▶ Exercise aim
Transcribe the records that follow exactly. Skip the pictures.

▶ Listed records
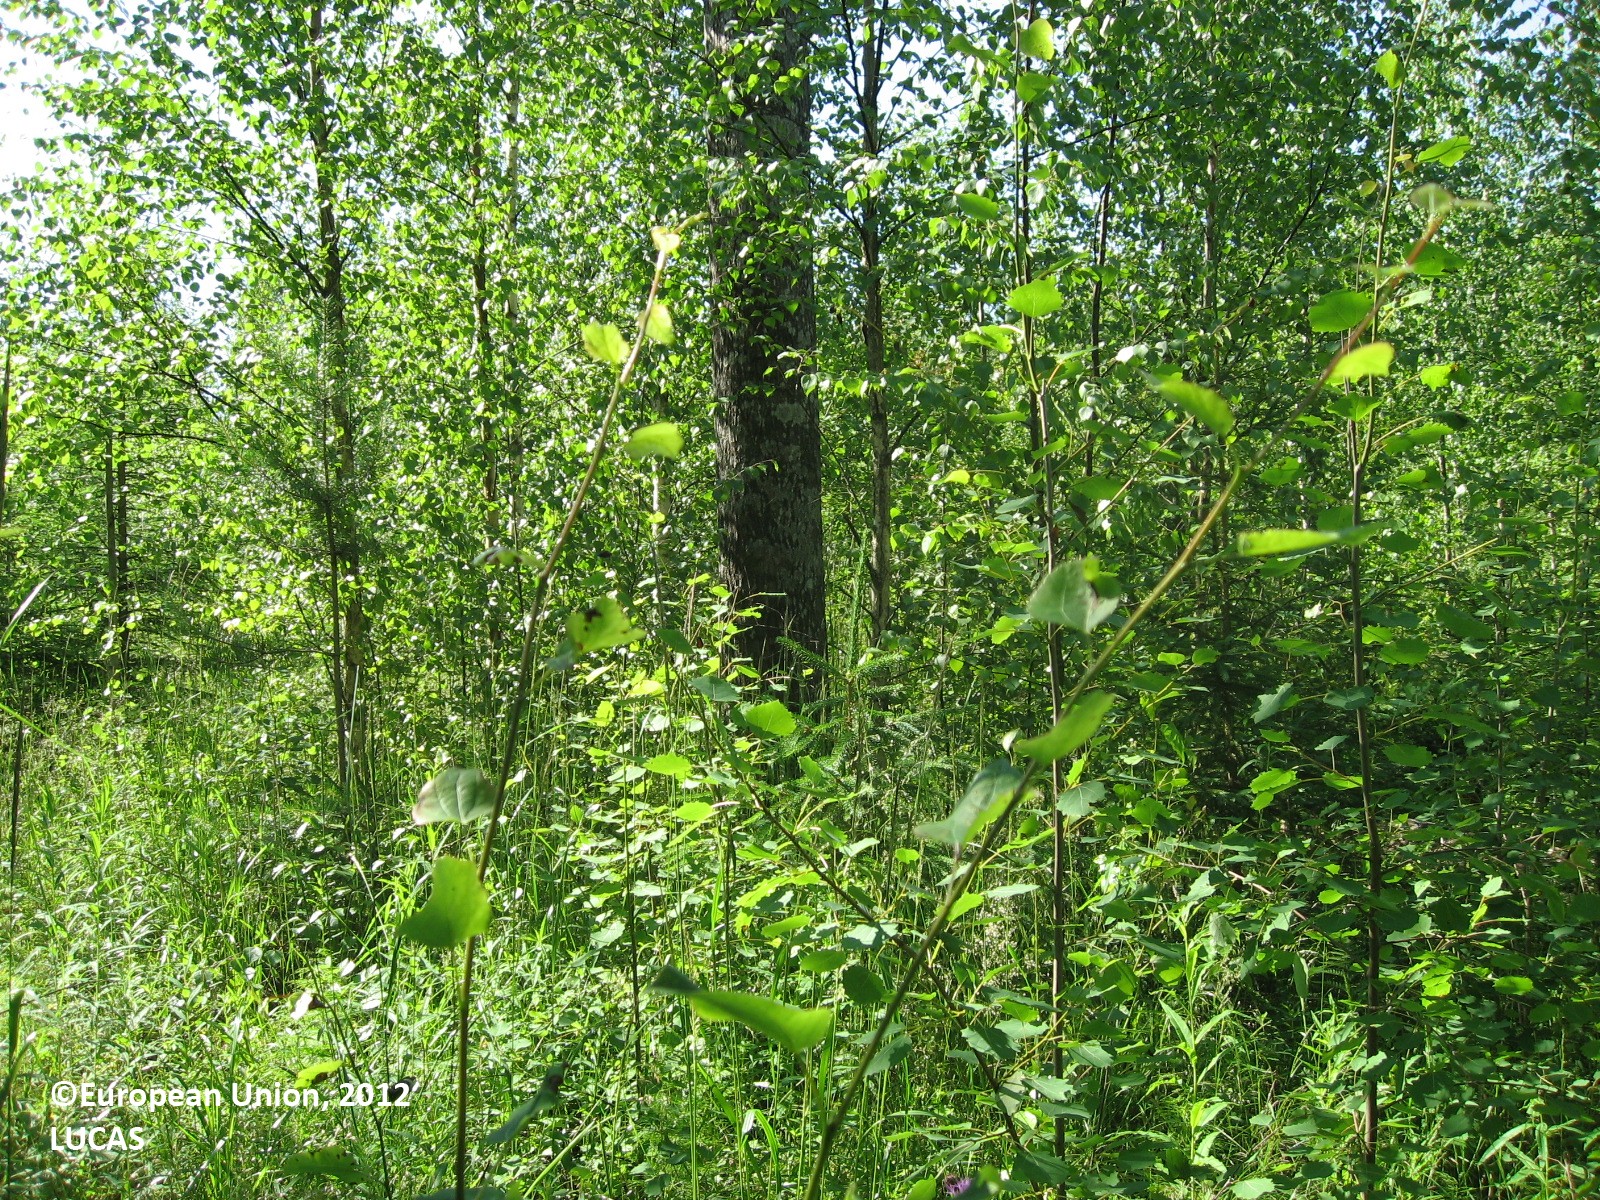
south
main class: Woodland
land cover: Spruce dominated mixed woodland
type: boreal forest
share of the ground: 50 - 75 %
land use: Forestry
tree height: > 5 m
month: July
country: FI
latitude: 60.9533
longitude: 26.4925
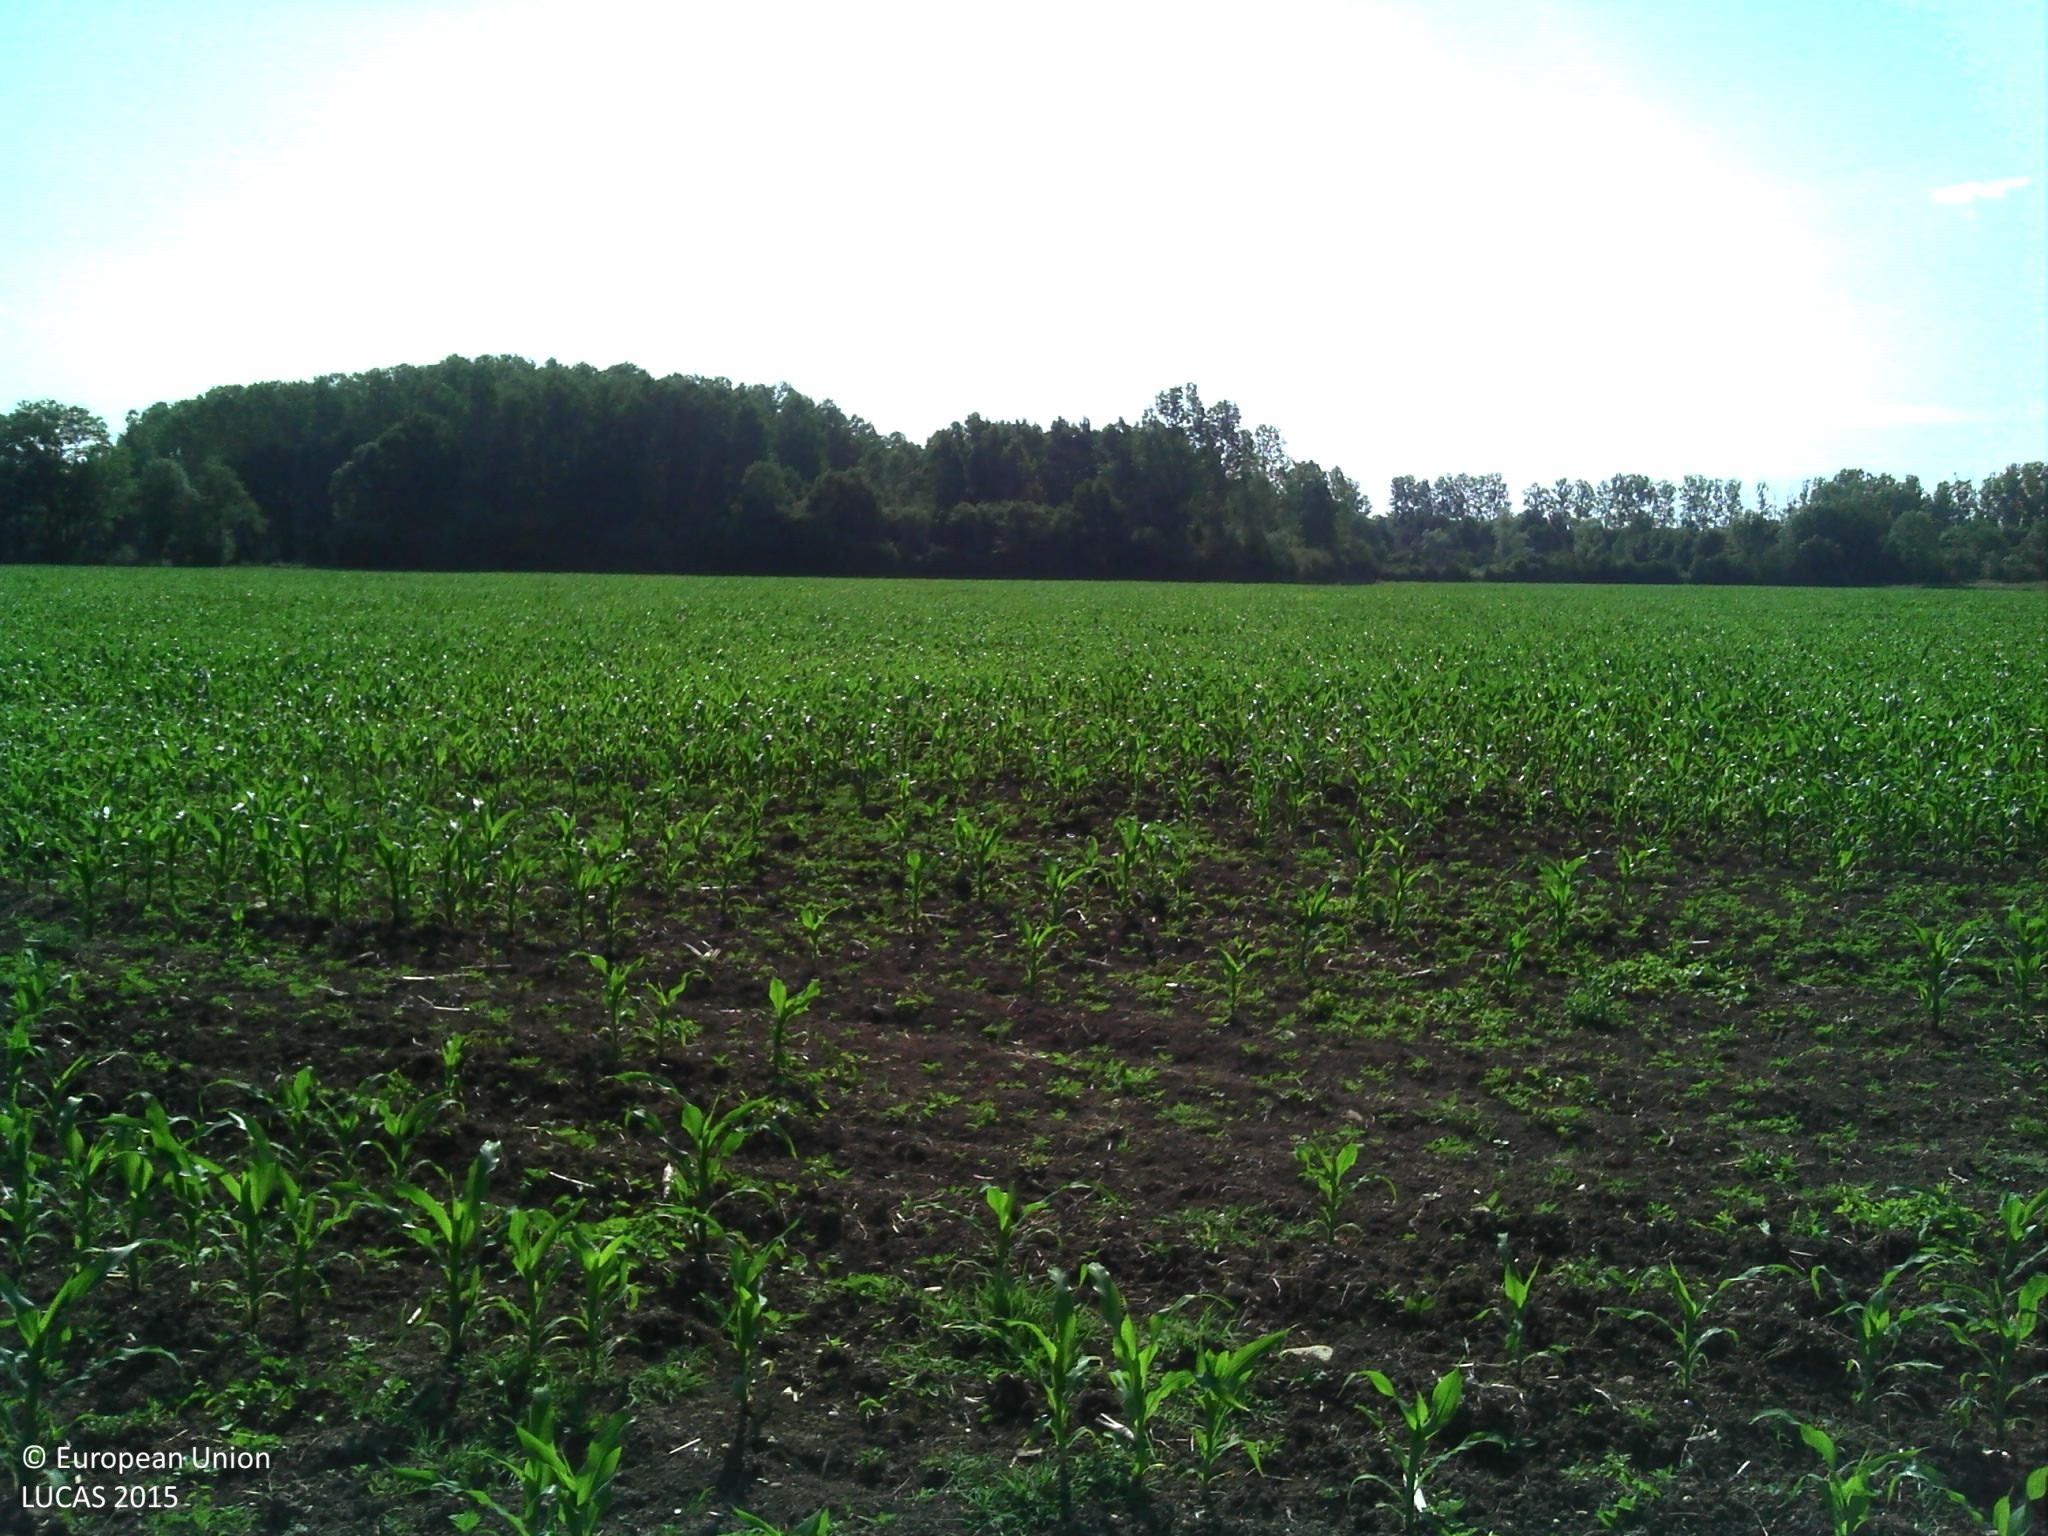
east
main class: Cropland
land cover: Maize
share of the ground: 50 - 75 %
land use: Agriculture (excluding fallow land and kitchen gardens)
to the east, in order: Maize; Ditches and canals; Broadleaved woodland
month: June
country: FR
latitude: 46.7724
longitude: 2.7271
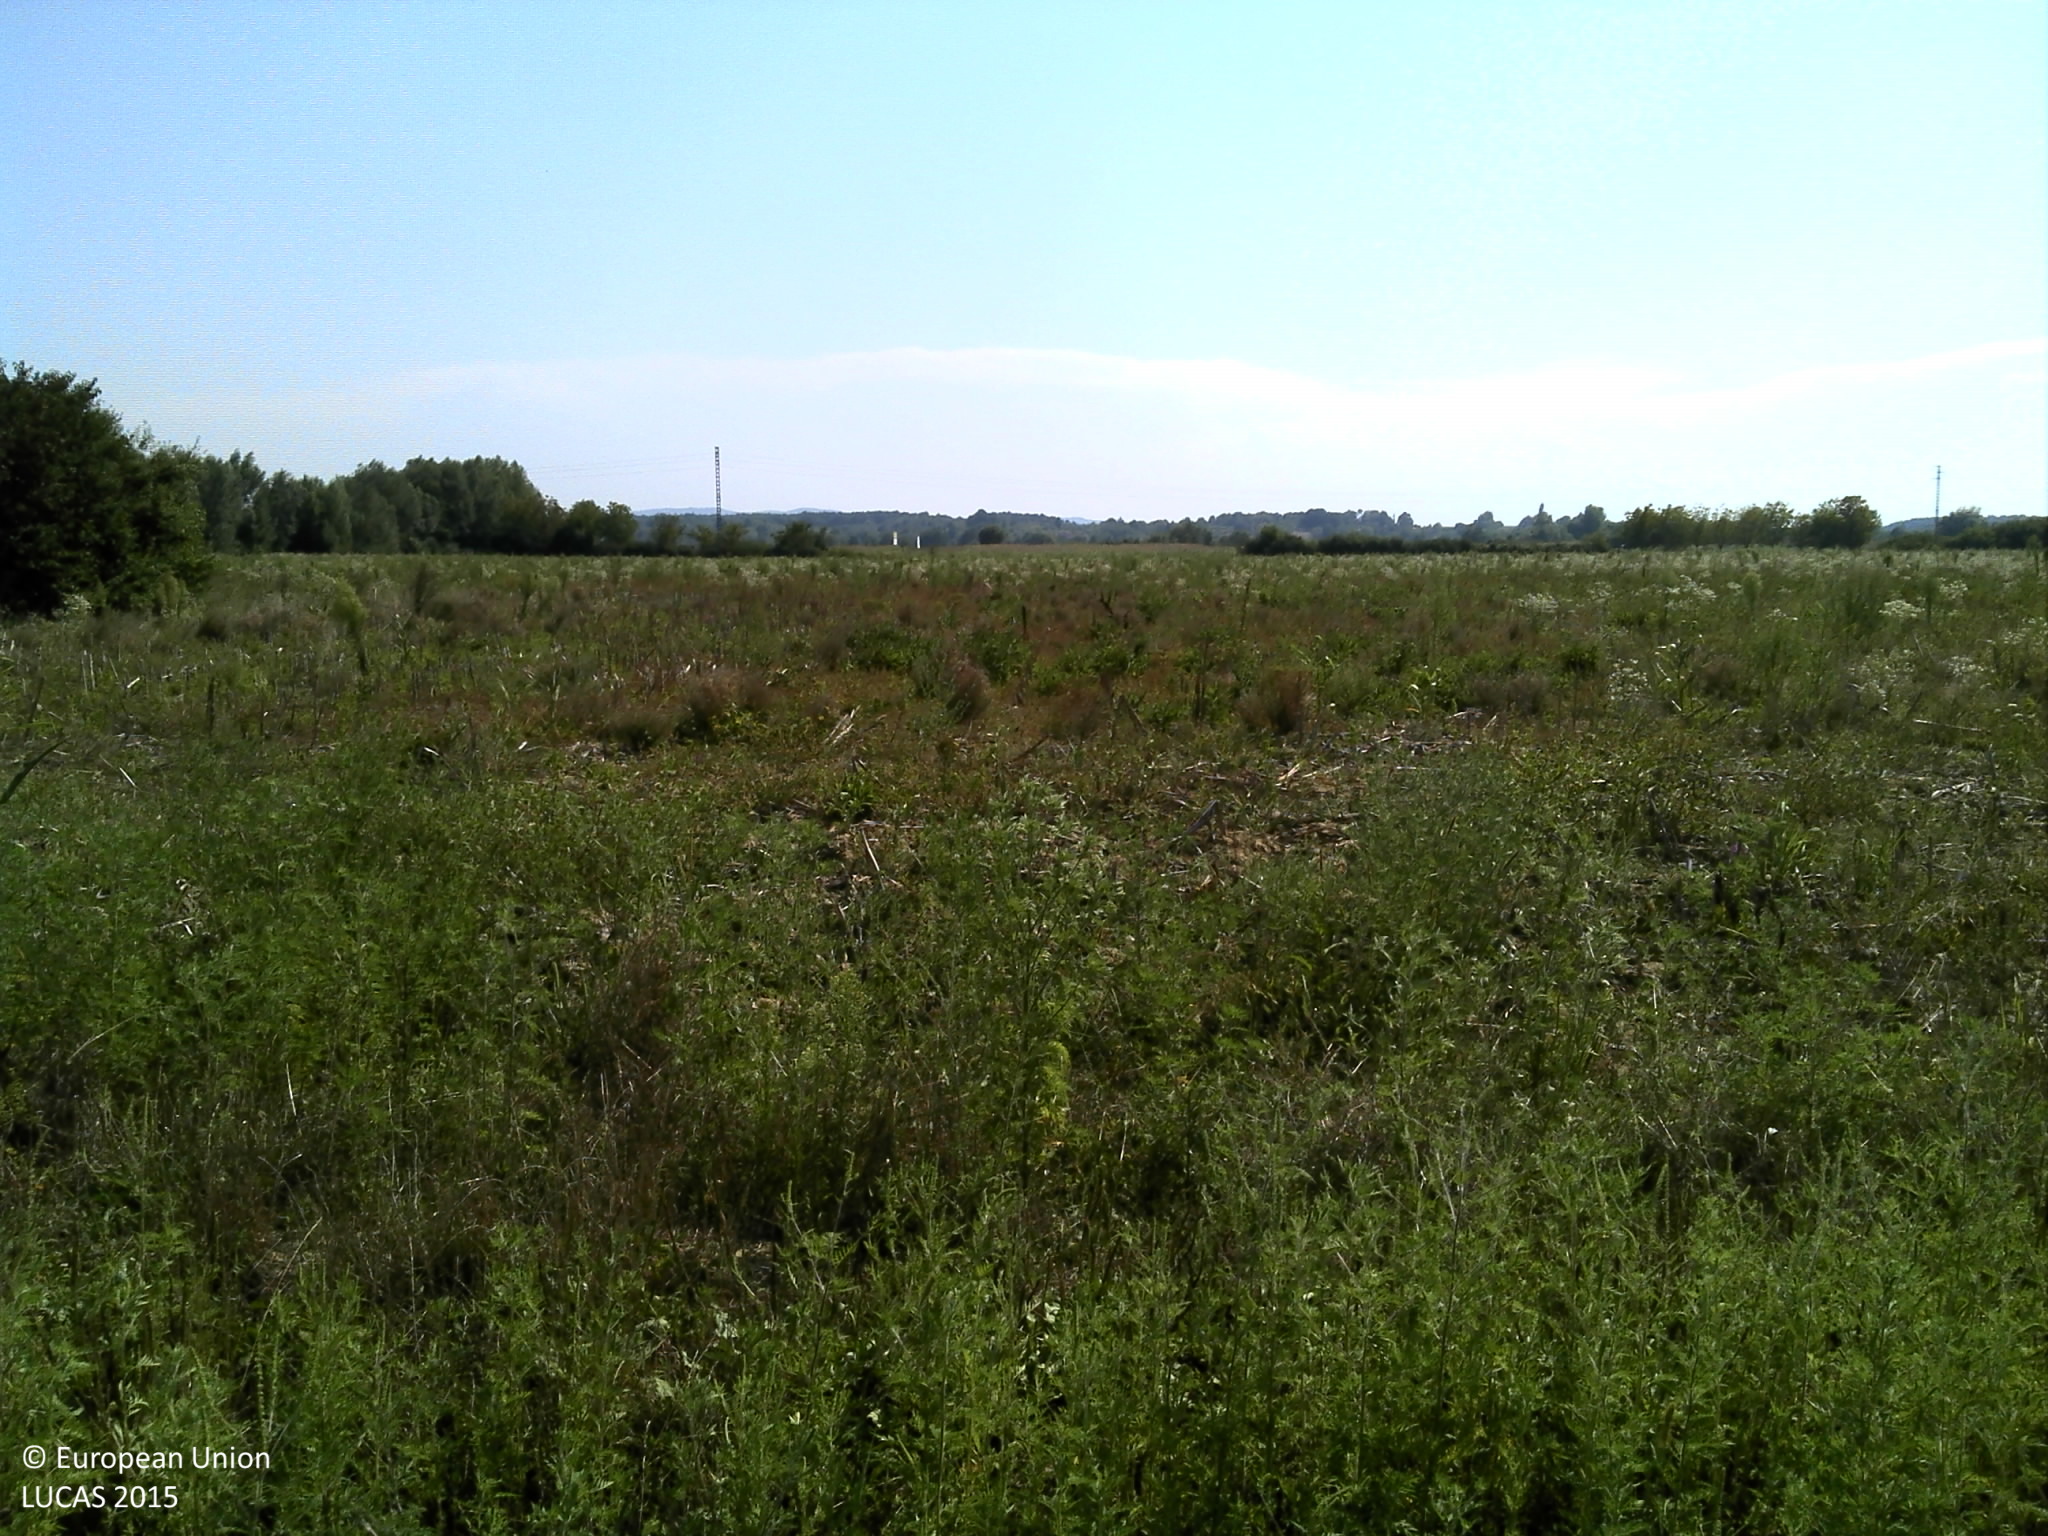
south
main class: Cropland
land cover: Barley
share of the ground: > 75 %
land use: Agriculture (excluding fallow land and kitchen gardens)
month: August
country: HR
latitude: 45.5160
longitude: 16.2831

▶ Task result
south
main class: Woodland
land cover: Spruce dominated mixed woodland
type: boreal forest
share of the ground: 50 - 75 %
land use: Forestry
tree height: > 5 m
month: July
country: FI
latitude: 60.9533
longitude: 26.4925
east
main class: Cropland
land cover: Maize
share of the ground: 50 - 75 %
land use: Agriculture (excluding fallow land and kitchen gardens)
to the east, in order: Maize; Ditches and canals; Broadleaved woodland
month: June
country: FR
latitude: 46.7724
longitude: 2.7271
south
main class: Cropland
land cover: Barley
share of the ground: > 75 %
land use: Agriculture (excluding fallow land and kitchen gardens)
month: August
country: HR
latitude: 45.5160
longitude: 16.2831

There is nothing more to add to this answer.